Yingzhen Li


2021

pdf
Combining Deep Generative Models and Multi-lingual Pretraining for Semi-supervised Document Classification
Yi Zhu | Ehsan Shareghi | Yingzhen Li | Roi Reichart | Anna Korhonen
Proceedings of the 16th Conference of the European Chapter of the Association for Computational Linguistics: Main Volume

Semi-supervised learning through deep generative models and multi-lingual pretraining techniques have orchestrated tremendous success across different areas of NLP. Nonetheless, their development has happened in isolation, while the combination of both could potentially be effective for tackling task-specific labelled data shortage. To bridge this gap, we combine semi-supervised deep generative models and multi-lingual pretraining to form a pipeline for document classification task. Compared to strong supervised learning baselines, our semi-supervised classification framework is highly competitive and outperforms the state-of-the-art counterparts in low-resource settings across several languages.

pdf
Learning Sparse Sentence Encoding without Supervision: An Exploration of Sparsity in Variational Autoencoders
Victor Prokhorov | Yingzhen Li | Ehsan Shareghi | Nigel Collier
Proceedings of the 6th Workshop on Representation Learning for NLP (RepL4NLP-2021)

It has been long known that sparsity is an effective inductive bias for learning efficient representation of data in vectors with fixed dimensionality, and it has been explored in many areas of representation learning. Of particular interest to this work is the investigation of the sparsity within the VAE framework which has been explored a lot in the image domain, but has been lacking even a basic level of exploration in NLP. Additionally, NLP is also lagging behind in terms of learning sparse representations of large units of text e.g., sentences. We use the VAEs that induce sparse latent representations of large units of text to address the aforementioned shortcomings. First, we move in this direction by measuring the success of unsupervised state-of-the-art (SOTA) and other strong VAE-based sparsification baselines for text and propose a hierarchical sparse VAE model to address the stability issue of SOTA. Then, we look at the implications of sparsity on text classification across 3 datasets, and highlight a link between performance of sparse latent representations on downstream tasks and its ability to encode task-related information.

2019

pdf
On the Importance of the Kullback-Leibler Divergence Term in Variational Autoencoders for Text Generation
Victor Prokhorov | Ehsan Shareghi | Yingzhen Li | Mohammad Taher Pilehvar | Nigel Collier
Proceedings of the 3rd Workshop on Neural Generation and Translation

Variational Autoencoders (VAEs) are known to suffer from learning uninformative latent representation of the input due to issues such as approximated posterior collapse, or entanglement of the latent space. We impose an explicit constraint on the Kullback-Leibler (KL) divergence term inside the VAE objective function. While the explicit constraint naturally avoids posterior collapse, we use it to further understand the significance of the KL term in controlling the information transmitted through the VAE channel.

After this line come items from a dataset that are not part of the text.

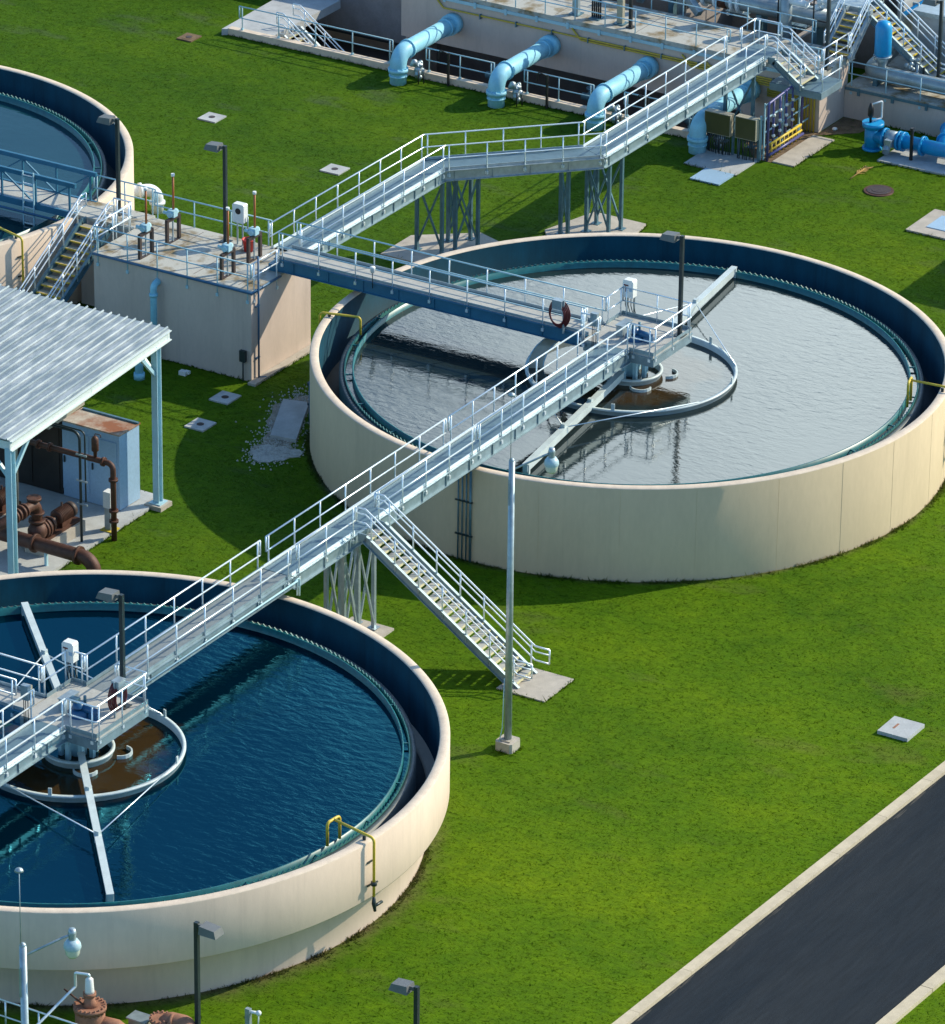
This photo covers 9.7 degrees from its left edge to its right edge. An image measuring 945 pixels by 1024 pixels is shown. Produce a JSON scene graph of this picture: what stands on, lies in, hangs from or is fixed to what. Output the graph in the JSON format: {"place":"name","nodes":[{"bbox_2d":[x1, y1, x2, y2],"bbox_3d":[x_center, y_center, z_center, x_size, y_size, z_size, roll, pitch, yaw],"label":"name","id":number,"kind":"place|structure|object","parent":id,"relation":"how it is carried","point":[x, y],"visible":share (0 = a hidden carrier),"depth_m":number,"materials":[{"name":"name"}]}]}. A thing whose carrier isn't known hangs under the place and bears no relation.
{"place":"outdoors","nodes":[
{"label":"outdoors","id":0,"kind":"place"},
{"bbox_2d":[222,0,340,35],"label":"pavement","id":1,"kind":"structure","parent":0,"point":[316,10],"depth_m":244.78,"materials":[{"name":"concrete"}]},
{"bbox_2d":[276,3,343,50],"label":"staircase","id":2,"kind":"structure","parent":0,"point":[307,38],"depth_m":242.82,"materials":[{"name":"metal"}]},
{"bbox_2d":[324,537,379,630],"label":"support tower","id":3,"kind":"structure","parent":0,"point":[355,601],"depth_m":188.38,"materials":[{"name":"metal"}]},
{"bbox_2d":[317,37,391,60],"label":"pit floor","id":4,"kind":"structure","parent":0,"point":[367,51],"depth_m":248.76,"materials":[{"name":"concrete"}]},
{"bbox_2d":[309,0,944,136],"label":"pipe building","id":5,"kind":"structure","parent":4,"relation":"on","point":[658,29],"depth_m":237.93,"materials":[{"name":"paint"}]},
{"bbox_2d":[437,0,815,132],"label":"wall conduit","id":6,"kind":"object","parent":5,"relation":"attached to","point":[660,56],"depth_m":235.31,"materials":[{"name":"metal"}]},
{"bbox_2d":[668,0,858,45],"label":"steel pipe","id":7,"kind":"object","parent":5,"relation":"on","point":[807,12],"visible":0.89,"depth_m":236.81,"materials":[{"name":"grey metal"}]},
{"bbox_2d":[739,18,842,99],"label":"step landing","id":8,"kind":"object","parent":5,"relation":"attached to","point":[822,87],"visible":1,"depth_m":231.00,"materials":[{"name":"metal"}]},
{"bbox_2d":[767,26,819,92],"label":"staircase","id":9,"kind":"structure","parent":8,"relation":"on","point":[787,75],"depth_m":230.67,"materials":[{"name":"metal"}]},
{"bbox_2d":[779,0,807,38],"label":"upright pipe","id":10,"kind":"object","parent":5,"relation":"attached to","point":[785,6],"visible":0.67,"depth_m":235.84,"materials":[{"name":"metal"}]},
{"bbox_2d":[820,0,832,69],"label":"light post","id":11,"kind":"object","parent":5,"relation":"on","point":[827,40],"visible":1,"depth_m":231.87,"materials":[{"name":"grey metal"}]},
{"bbox_2d":[823,0,872,62],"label":"staircase","id":12,"kind":"structure","parent":5,"relation":"on","point":[838,24],"depth_m":234.07,"materials":[{"name":"metal"}]},
{"bbox_2d":[858,0,944,78],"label":"staircase","id":13,"kind":"structure","parent":5,"relation":"on","point":[923,50],"depth_m":234.72,"materials":[{"name":"metal"}]},
{"bbox_2d":[865,40,944,95],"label":"steel pipe","id":14,"kind":"object","parent":5,"relation":"on","point":[906,79],"visible":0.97,"depth_m":233.32,"materials":[{"name":"metal"}]},
{"bbox_2d":[873,20,892,67],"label":"surge vessel","id":15,"kind":"object","parent":14,"relation":"on","point":[882,54],"visible":1,"depth_m":233.13,"materials":[{"name":"blue paint"}]},
{"bbox_2d":[922,0,943,77],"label":"light post","id":16,"kind":"object","parent":5,"relation":"on","point":[934,3],"visible":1,"depth_m":232.75,"materials":[{"name":"grey metal"}]},
{"bbox_2d":[412,179,480,254],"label":"support tower","id":17,"kind":"structure","parent":0,"point":[453,202],"depth_m":220.31,"materials":[{"name":"metal"}]},
{"bbox_2d":[0,0,944,1023],"bbox_3d":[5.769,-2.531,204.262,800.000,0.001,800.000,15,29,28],"label":"ground","id":18,"kind":"structure","parent":0,"point":[264,110],"depth_m":190.51,"materials":[{"name":"green plant"}]},
{"bbox_2d":[14,867,81,1023],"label":"globe light mast","id":19,"kind":"object","parent":18,"relation":"on","point":[72,946],"visible":1,"depth_m":149.51,"materials":[{"name":"metal"}]},
{"bbox_2d":[0,528,100,569],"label":"rusty header pipe","id":20,"kind":"object","parent":18,"relation":"on","point":[36,542],"visible":0.85,"depth_m":193.38,"materials":[{"name":"orange metal"}]},
{"bbox_2d":[0,65,133,303],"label":"clarifier tank","id":21,"kind":"object","parent":18,"relation":"on","point":[76,113],"visible":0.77,"depth_m":222.87,"materials":[{"name":"beige paint"}]},
{"bbox_2d":[0,149,97,225],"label":"truss bridge","id":22,"kind":"structure","parent":21,"relation":"on","point":[56,202],"depth_m":215.43,"materials":[{"name":"blue metal"}]},
{"bbox_2d":[22,170,34,225],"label":"ladder","id":23,"kind":"object","parent":22,"relation":"attached to","point":[23,190],"visible":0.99,"depth_m":215.01,"materials":[{"name":"silver metal"}]},
{"bbox_2d":[0,101,100,238],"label":"water","id":24,"kind":"structure","parent":21,"relation":"in","point":[24,131],"depth_m":222.59,"materials":[{"name":"blue liquid"}]},
{"bbox_2d":[19,192,114,301],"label":"staircase","id":25,"kind":"structure","parent":18,"relation":"on","point":[71,238],"depth_m":212.37,"materials":[{"name":"metal"}]},
{"bbox_2d":[0,477,152,574],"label":"concrete floor","id":26,"kind":"structure","parent":18,"relation":"on","point":[93,518],"depth_m":197.40,"materials":[{"name":"grey concrete"}]},
{"bbox_2d":[0,407,80,493],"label":"equipment cabinet","id":27,"kind":"object","parent":26,"relation":"on","point":[41,468],"visible":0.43,"depth_m":199.38,"materials":[{"name":"metal"}]},
{"bbox_2d":[0,494,85,556],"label":"pump","id":28,"kind":"object","parent":26,"relation":"on","point":[60,523],"visible":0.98,"depth_m":194.94,"materials":[{"name":"metal"}]},
{"bbox_2d":[50,423,87,541],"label":"electrical conduit","id":29,"kind":"object","parent":26,"relation":"on","point":[70,429],"visible":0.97,"depth_m":194.59,"materials":[{"name":"brown metal"}]},
{"bbox_2d":[29,433,118,540],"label":"rusty riser pipe","id":30,"kind":"object","parent":26,"relation":"on","point":[103,462],"visible":0.96,"depth_m":195.59,"materials":[{"name":"orange metal"}]},
{"bbox_2d":[0,283,171,573],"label":"canopy","id":31,"kind":"object","parent":26,"relation":"on","point":[59,359],"visible":0.91,"depth_m":195.01,"materials":[{"name":"metal"}]},
{"bbox_2d":[62,407,140,510],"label":"equipment cabinet","id":32,"kind":"object","parent":26,"relation":"on","point":[119,443],"visible":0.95,"depth_m":198.05,"materials":[{"name":"metal"}]},
{"bbox_2d":[100,488,119,533],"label":"control pedestal","id":33,"kind":"object","parent":26,"relation":"on","point":[107,504],"visible":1,"depth_m":196.38,"materials":[{"name":"metal"}]},
{"bbox_2d":[37,971,124,1023],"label":"check valve","id":34,"kind":"object","parent":18,"relation":"on","point":[90,1007],"visible":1,"depth_m":164.21,"materials":[{"name":"orange metal"}]},
{"bbox_2d":[68,174,156,305],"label":"stair landing","id":35,"kind":"object","parent":18,"relation":"on","point":[91,210],"visible":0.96,"depth_m":214.27,"materials":[{"name":"metal"}]},
{"bbox_2d":[96,114,125,215],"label":"light post","id":36,"kind":"object","parent":35,"relation":"on","point":[106,119],"visible":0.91,"depth_m":213.01,"materials":[{"name":"black metal"}]},
{"bbox_2d":[126,1010,150,1023],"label":"meter box","id":37,"kind":"object","parent":18,"relation":"on","point":[136,1017],"visible":1,"depth_m":164.83,"materials":[{"name":"metal"}]},
{"bbox_2d":[149,1010,194,1023],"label":"check valve","id":38,"kind":"object","parent":18,"relation":"on","point":[162,1017],"visible":1,"depth_m":164.22,"materials":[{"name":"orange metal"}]},
{"bbox_2d":[184,418,216,431],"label":"ground cover","id":39,"kind":"object","parent":18,"relation":"on","point":[200,424],"visible":1,"depth_m":205.20,"materials":[{"name":"concrete"}]},
{"bbox_2d":[92,191,310,386],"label":"splitter box","id":40,"kind":"object","parent":18,"relation":"on","point":[245,321],"visible":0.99,"depth_m":209.71,"materials":[{"name":"paint"}]},
{"bbox_2d":[136,187,153,259],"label":"sluice gate","id":41,"kind":"structure","parent":40,"relation":"on","point":[145,228],"depth_m":209.90,"materials":[{"name":"metal"}]},
{"bbox_2d":[134,183,164,213],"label":"pipe elbow","id":42,"kind":"object","parent":40,"relation":"on","point":[139,191],"visible":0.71,"depth_m":223.70,"materials":[{"name":"white metal"}]},
{"bbox_2d":[163,173,180,245],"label":"sluice gate","id":43,"kind":"structure","parent":40,"relation":"on","point":[172,214],"depth_m":211.22,"materials":[{"name":"metal"}]},
{"bbox_2d":[203,141,232,242],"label":"light post","id":44,"kind":"object","parent":40,"relation":"on","point":[214,146],"visible":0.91,"depth_m":210.63,"materials":[{"name":"black metal"}]},
{"bbox_2d":[217,207,235,279],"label":"sluice gate","id":45,"kind":"structure","parent":40,"relation":"on","point":[227,248],"depth_m":208.18,"materials":[{"name":"metal"}]},
{"bbox_2d":[232,201,247,244],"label":"gauge panel","id":46,"kind":"object","parent":40,"relation":"on","point":[240,212],"visible":1,"depth_m":210.87,"materials":[{"name":"white metal"}]},
{"bbox_2d":[244,191,261,263],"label":"sluice gate","id":47,"kind":"structure","parent":40,"relation":"on","point":[254,232],"depth_m":209.66,"materials":[{"name":"metal"}]},
{"bbox_2d":[268,222,605,346],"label":"bridge walkway","id":48,"kind":"structure","parent":40,"relation":"on","point":[524,316],"depth_m":205.95,"materials":[{"name":"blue metal"}]},
{"bbox_2d":[549,297,570,333],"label":"hose rack","id":49,"kind":"object","parent":48,"relation":"hanging from","point":[557,303],"visible":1,"depth_m":202.41,"materials":[{"name":"metal"}]},
{"bbox_2d":[193,921,223,1023],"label":"light post","id":50,"kind":"object","parent":18,"relation":"on","point":[207,929],"visible":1,"depth_m":163.20,"materials":[{"name":"black metal"}]},
{"bbox_2d":[0,570,449,1005],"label":"clarifier tank","id":51,"kind":"object","parent":18,"relation":"on","point":[299,910],"visible":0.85,"depth_m":168.70,"materials":[{"name":"beige paint"}]},
{"bbox_2d":[0,602,185,901],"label":"scraper mechanism","id":52,"kind":"object","parent":51,"relation":"on","point":[83,765],"visible":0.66,"depth_m":173.94,"materials":[{"name":"blue paint"}]},
{"bbox_2d":[19,650,149,750],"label":"drive platform","id":53,"kind":"structure","parent":52,"relation":"on","point":[107,727],"depth_m":174.63,"materials":[{"name":"metal"}]},
{"bbox_2d":[0,653,46,725],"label":"bridge walkway","id":54,"kind":"structure","parent":53,"relation":"attached to","point":[10,693],"depth_m":175.40,"materials":[{"name":"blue metal"}]},
{"bbox_2d":[0,689,67,786],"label":"bridge walkway","id":55,"kind":"structure","parent":53,"relation":"attached to","point":[28,744],"depth_m":172.75,"materials":[{"name":"metal"}]},
{"bbox_2d":[62,638,78,679],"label":"control cabinet","id":56,"kind":"object","parent":53,"relation":"attached to","point":[69,645],"visible":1,"depth_m":176.31,"materials":[{"name":"white metal"}]},
{"bbox_2d":[57,689,97,720],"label":"drive unit","id":57,"kind":"object","parent":53,"relation":"on","point":[80,710],"visible":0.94,"depth_m":174.35,"materials":[{"name":"blue paint"}]},
{"bbox_2d":[96,587,131,709],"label":"light post","id":58,"kind":"object","parent":53,"relation":"on","point":[110,595],"visible":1,"depth_m":173.88,"materials":[{"name":"black metal"}]},
{"bbox_2d":[108,676,126,717],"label":"hose rack","id":59,"kind":"object","parent":53,"relation":"on","point":[118,683],"visible":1,"depth_m":174.09,"materials":[{"name":"metal"}]},
{"bbox_2d":[0,610,408,902],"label":"water","id":60,"kind":"structure","parent":51,"relation":"in","point":[292,749],"depth_m":174.40,"materials":[{"name":"blue liquid"}]},
{"bbox_2d":[326,815,382,911],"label":"yellow pipe","id":61,"kind":"object","parent":51,"relation":"attached to","point":[373,883],"visible":1,"depth_m":169.20,"materials":[{"name":"metal"}]},
{"bbox_2d":[209,390,240,404],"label":"manhole cover","id":62,"kind":"object","parent":18,"relation":"on","point":[224,397],"visible":1,"depth_m":207.47,"materials":[{"name":"concrete"}]},
{"bbox_2d":[235,384,309,470],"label":"gravel","id":63,"kind":"structure","parent":18,"relation":"on","point":[280,442],"depth_m":203.80,"materials":[{"name":"grey gravel"}]},
{"bbox_2d":[270,399,308,442],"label":"concrete plank","id":64,"kind":"object","parent":63,"relation":"on","point":[290,418],"visible":1,"depth_m":205.45,"materials":[{"name":"grey concrete"}]},
{"bbox_2d":[250,444,303,462],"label":"gravel patch","id":65,"kind":"object","parent":18,"relation":"on","point":[285,456],"visible":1,"depth_m":202.96,"materials":[{"name":"grey gravel"}]},
{"bbox_2d":[388,978,419,1023],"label":"light post","id":66,"kind":"object","parent":18,"relation":"on","point":[406,987],"visible":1,"depth_m":159.79,"materials":[{"name":"black metal"}]},
{"bbox_2d":[388,12,462,85],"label":"elbow pipe","id":67,"kind":"object","parent":18,"relation":"on","point":[449,24],"visible":1,"depth_m":237.85,"materials":[{"name":"blue metal"}]},
{"bbox_2d":[380,233,498,262],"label":"concrete pad","id":68,"kind":"object","parent":18,"relation":"on","point":[428,243],"visible":0.4,"depth_m":221.09,"materials":[{"name":"beige concrete"}]},
{"bbox_2d":[356,493,549,688],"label":"staircase","id":69,"kind":"structure","parent":18,"relation":"on","point":[457,599],"depth_m":186.75,"materials":[{"name":"metal"}]},
{"bbox_2d":[228,6,706,137],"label":"pit wall","id":70,"kind":"structure","parent":18,"relation":"on","point":[429,74],"depth_m":238.55,"materials":[{"name":"concrete"}]},
{"bbox_2d":[486,34,560,108],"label":"elbow pipe","id":71,"kind":"object","parent":18,"relation":"on","point":[541,48],"visible":1,"depth_m":235.52,"materials":[{"name":"blue metal"}]},
{"bbox_2d":[495,392,558,753],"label":"globe light mast","id":72,"kind":"object","parent":18,"relation":"on","point":[507,742],"visible":1,"depth_m":179.84,"materials":[{"name":"metal"}]},
{"bbox_2d":[496,668,573,702],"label":"concrete pad","id":73,"kind":"object","parent":18,"relation":"on","point":[541,685],"visible":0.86,"depth_m":186.21,"materials":[{"name":"grey concrete"}]},
{"bbox_2d":[545,212,645,235],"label":"concrete pad","id":74,"kind":"object","parent":18,"relation":"on","point":[577,225],"visible":0.35,"depth_m":223.12,"materials":[{"name":"beige concrete"}]},
{"bbox_2d":[585,56,658,130],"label":"elbow pipe","id":75,"kind":"object","parent":18,"relation":"on","point":[639,70],"visible":0.92,"depth_m":233.29,"materials":[{"name":"blue metal"}]},
{"bbox_2d":[310,232,944,581],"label":"clarifier tank","id":76,"kind":"object","parent":18,"relation":"on","point":[833,504],"visible":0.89,"depth_m":195.87,"materials":[{"name":"paint"}]},
{"bbox_2d":[83,316,630,695],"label":"elevated walkway","id":77,"kind":"structure","parent":76,"relation":"on","point":[324,547],"depth_m":187.86,"materials":[{"name":"metal"}]},
{"bbox_2d":[455,471,472,561],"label":"wall conduit","id":78,"kind":"object","parent":76,"relation":"attached to","point":[470,502],"depth_m":194.35,"materials":[{"name":"metal"}]},
{"bbox_2d":[345,267,918,483],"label":"water","id":79,"kind":"structure","parent":76,"relation":"in","point":[816,379],"depth_m":202.44,"materials":[{"name":"grey liquid"}]},
{"bbox_2d":[522,266,737,473],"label":"scraper mechanism","id":80,"kind":"object","parent":79,"relation":"in","point":[631,369],"visible":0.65,"depth_m":201.41,"materials":[{"name":"blue paint"}]},
{"bbox_2d":[527,338,558,367],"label":"scum trough","id":81,"kind":"object","parent":80,"relation":"attached to","point":[544,345],"visible":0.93,"depth_m":203.53,"materials":[{"name":"blue paint"}]},
{"bbox_2d":[580,286,692,367],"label":"drive platform","id":82,"kind":"structure","parent":80,"relation":"on","point":[664,345],"depth_m":202.18,"materials":[{"name":"metal"}]},
{"bbox_2d":[623,277,636,312],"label":"control cabinet","id":83,"kind":"object","parent":82,"relation":"attached to","point":[629,282],"visible":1,"depth_m":203.79,"materials":[{"name":"white metal"}]},
{"bbox_2d":[615,318,652,343],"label":"drive unit","id":84,"kind":"object","parent":82,"relation":"on","point":[641,334],"visible":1,"depth_m":201.94,"materials":[{"name":"blue paint"}]},
{"bbox_2d":[659,231,686,337],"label":"light post","id":85,"kind":"object","parent":82,"relation":"on","point":[671,236],"visible":1,"depth_m":201.33,"materials":[{"name":"brown metal"}]},
{"bbox_2d":[690,168,733,185],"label":"concrete pad","id":86,"kind":"object","parent":18,"relation":"on","point":[710,176],"visible":1,"depth_m":228.26,"materials":[{"name":"grey concrete"}]},
{"bbox_2d":[684,148,756,175],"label":"concrete pad","id":87,"kind":"object","parent":18,"relation":"on","point":[728,163],"visible":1,"depth_m":229.77,"materials":[{"name":"grey concrete"}]},
{"bbox_2d":[705,108,734,154],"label":"electrical cabinet","id":88,"kind":"object","parent":87,"relation":"on","point":[720,123],"visible":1,"depth_m":230.08,"materials":[{"name":"grey metal"}]},
{"bbox_2d":[735,113,760,161],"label":"electrical cabinet","id":89,"kind":"object","parent":87,"relation":"on","point":[747,127],"visible":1,"depth_m":229.45,"materials":[{"name":"grey metal"}]},
{"bbox_2d":[687,79,760,154],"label":"elbow pipe","id":90,"kind":"object","parent":18,"relation":"on","point":[697,137],"visible":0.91,"depth_m":230.69,"materials":[{"name":"blue metal"}]},
{"bbox_2d":[612,761,944,1023],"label":"kerb","id":91,"kind":"structure","parent":18,"relation":"on","point":[712,951],"depth_m":172.92,"materials":[{"name":"concrete"}]},
{"bbox_2d":[772,135,833,166],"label":"concrete pad","id":92,"kind":"object","parent":18,"relation":"on","point":[792,157],"visible":1,"depth_m":231.05,"materials":[{"name":"beige concrete"}]},
{"bbox_2d":[864,185,893,196],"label":"manhole","id":93,"kind":"object","parent":18,"relation":"on","point":[879,190],"visible":1,"depth_m":227.03,"materials":[{"name":"orange metal"}]},
{"bbox_2d":[877,716,924,741],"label":"ground cover","id":94,"kind":"object","parent":18,"relation":"on","point":[900,728],"visible":1,"depth_m":183.46,"materials":[{"name":"concrete"}]},
{"bbox_2d":[862,101,944,157],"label":"blue pipeline","id":95,"kind":"object","parent":18,"relation":"on","point":[877,137],"visible":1,"depth_m":230.49,"materials":[{"name":"paint"}]},
{"bbox_2d":[876,965,944,1023],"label":"kerb","id":96,"kind":"structure","parent":18,"relation":"on","point":[915,998],"depth_m":167.39,"materials":[{"name":"concrete"}]},
{"bbox_2d":[877,149,944,175],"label":"concrete pad","id":97,"kind":"object","parent":18,"relation":"on","point":[930,164],"visible":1,"depth_m":230.01,"materials":[{"name":"grey concrete"}]},
{"bbox_2d":[905,209,944,239],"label":"ground cover","id":98,"kind":"object","parent":18,"relation":"on","point":[932,223],"visible":1,"depth_m":223.58,"materials":[{"name":"concrete"}]},
{"bbox_2d":[555,157,625,234],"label":"support tower","id":99,"kind":"structure","parent":0,"point":[564,196],"depth_m":221.95,"materials":[{"name":"metal"}]},
{"bbox_2d":[631,775,944,1023],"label":"road","id":100,"kind":"structure","parent":0,"point":[856,935],"depth_m":170.47,"materials":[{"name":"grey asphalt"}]},
{"bbox_2d":[746,117,864,162],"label":"soil","id":101,"kind":"structure","parent":0,"point":[844,124],"depth_m":233.09,"materials":[{"name":"brown soil"}]},
{"bbox_2d":[723,76,756,148],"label":"support tower","id":102,"kind":"structure","parent":101,"relation":"on","point":[752,85],"depth_m":230.60,"materials":[{"name":"metal"}]},
{"bbox_2d":[269,34,767,252],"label":"angled walkway","id":103,"kind":"structure","parent":102,"relation":"on","point":[365,210],"depth_m":219.75,"materials":[{"name":"metal"}]},
{"bbox_2d":[759,85,808,161],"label":"pipe rack","id":104,"kind":"object","parent":101,"relation":"on","point":[781,139],"visible":1,"depth_m":230.41,"materials":[{"name":"blue metal"}]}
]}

Within this framework, we explore different properties of the estimated posterior distribution, and highlight the trade-off between the amount of information encoded in a latent code during training, and the generative capacity of the model.

pdf
Bayesian Learning for Neural Dependency Parsing
Ehsan Shareghi | Yingzhen Li | Yi Zhu | Roi Reichart | Anna Korhonen
Proceedings of the 2019 Conference of the North American Chapter of the Association for Computational Linguistics: Human Language Technologies, Volume 1 (Long and Short Papers)

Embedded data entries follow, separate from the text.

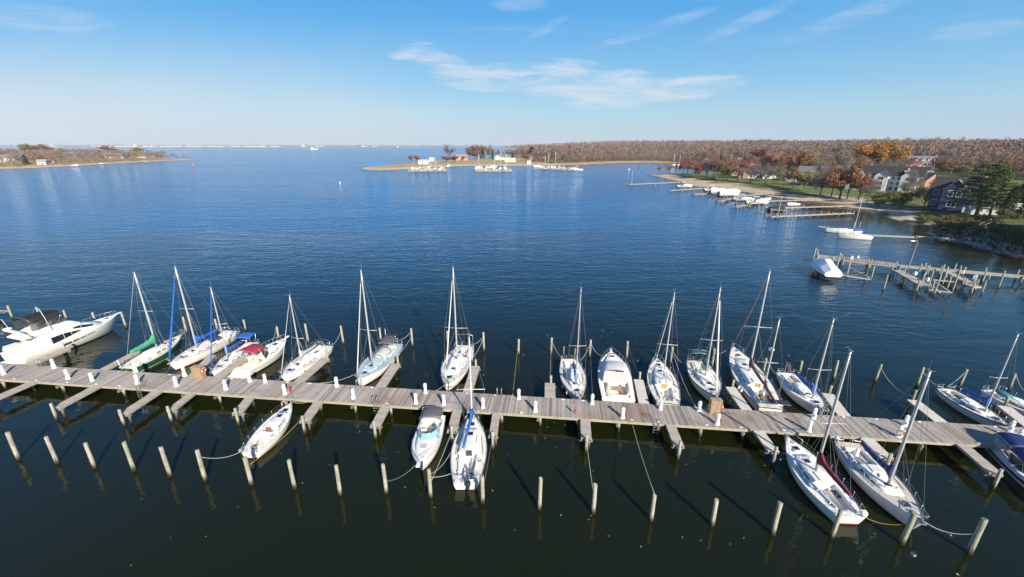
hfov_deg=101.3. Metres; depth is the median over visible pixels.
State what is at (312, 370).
finger pier
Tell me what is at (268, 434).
sailboat
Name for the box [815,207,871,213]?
bulkhead
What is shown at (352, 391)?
power pedestal
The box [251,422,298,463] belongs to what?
mooring line
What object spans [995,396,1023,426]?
finger pier
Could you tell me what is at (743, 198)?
motor boat
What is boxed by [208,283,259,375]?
sailboat
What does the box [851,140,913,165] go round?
autumn tree
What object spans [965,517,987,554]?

While neural dependency parsers provide state-of-the-art accuracy for several languages, they still rely on large amounts of costly labeled training data. We demonstrate that in the small data regime, where uncertainty around parameter estimation and model prediction matters the most, Bayesian neural modeling is very effective. In order to overcome the computational and statistical costs of the approximate inference step in this framework, we utilize an efficient sampling procedure via stochastic gradient Langevin dynamics to generate samples from the approximated posterior. Moreover, we show that our Bayesian neural parser can be further improved when integrated into a multi-task parsing and POS tagging framework, designed to minimize task interference via an adversarial procedure. When trained and tested on 6 languages with less than 5k training instances, our parser consistently outperforms the strong bilstm baseline (Kiperwasser and Goldberg, 2016). Compared with the biaffine parser (Dozat et al., 2017) our model achieves an improvement of up to 3% for Vietnames and Irish, while our multi-task model achieves an improvement of up to 9% across five languages: Farsi, Russian, Turkish, Vietnamese, and Irish.